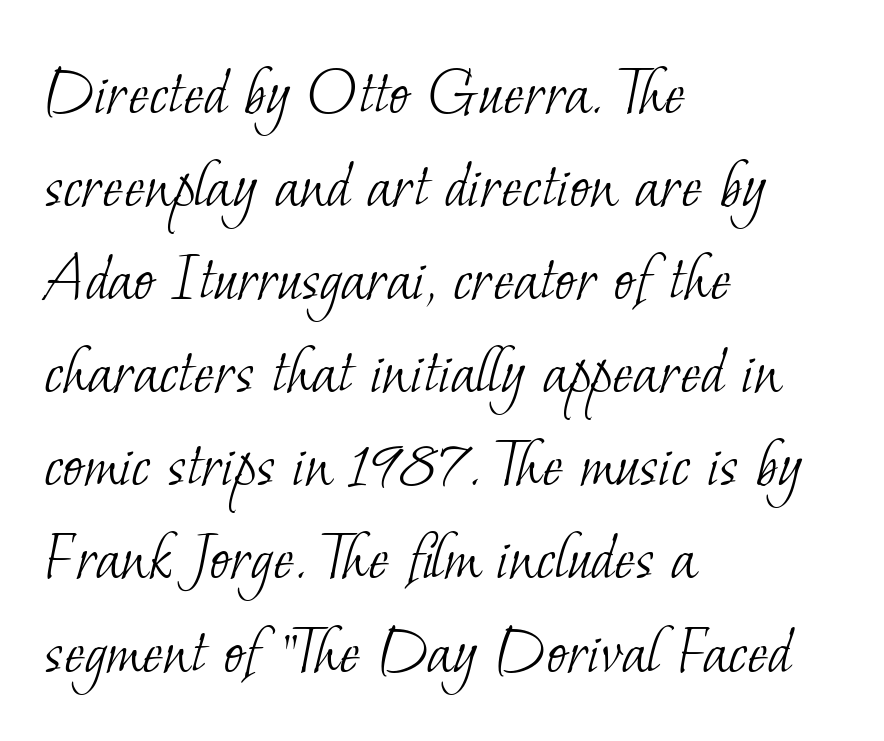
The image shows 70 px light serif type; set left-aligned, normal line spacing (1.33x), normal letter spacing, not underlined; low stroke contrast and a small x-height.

* * *

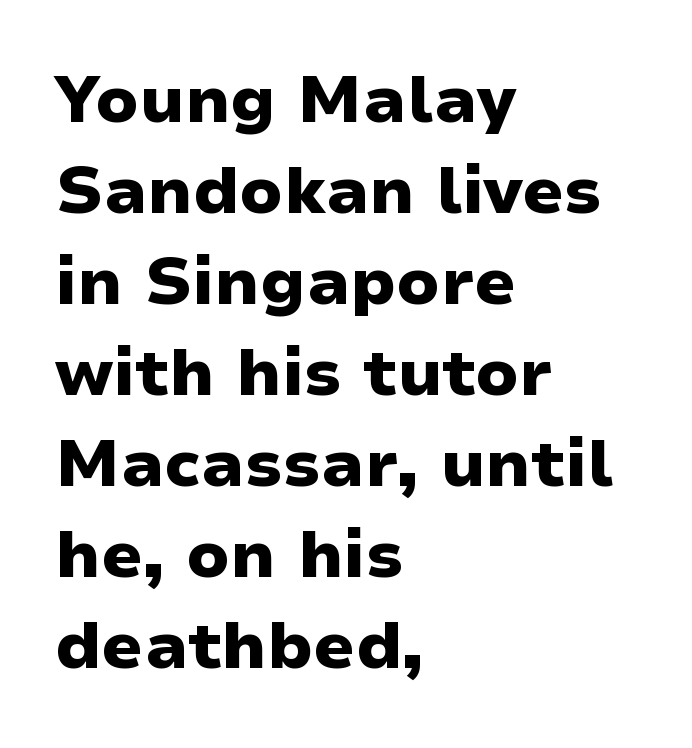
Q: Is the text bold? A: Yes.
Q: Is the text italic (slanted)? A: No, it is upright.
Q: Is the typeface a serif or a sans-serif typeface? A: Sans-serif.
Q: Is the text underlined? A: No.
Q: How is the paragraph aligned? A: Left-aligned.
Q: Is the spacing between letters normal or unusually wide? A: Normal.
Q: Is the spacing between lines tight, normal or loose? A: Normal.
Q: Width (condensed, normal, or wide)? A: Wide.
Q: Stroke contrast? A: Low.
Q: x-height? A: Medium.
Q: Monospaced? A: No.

▶ **Problem to work on**: Each line above that contains "between" counts once; report the total of such lines and nothing more.

▶ **Written answer**: 2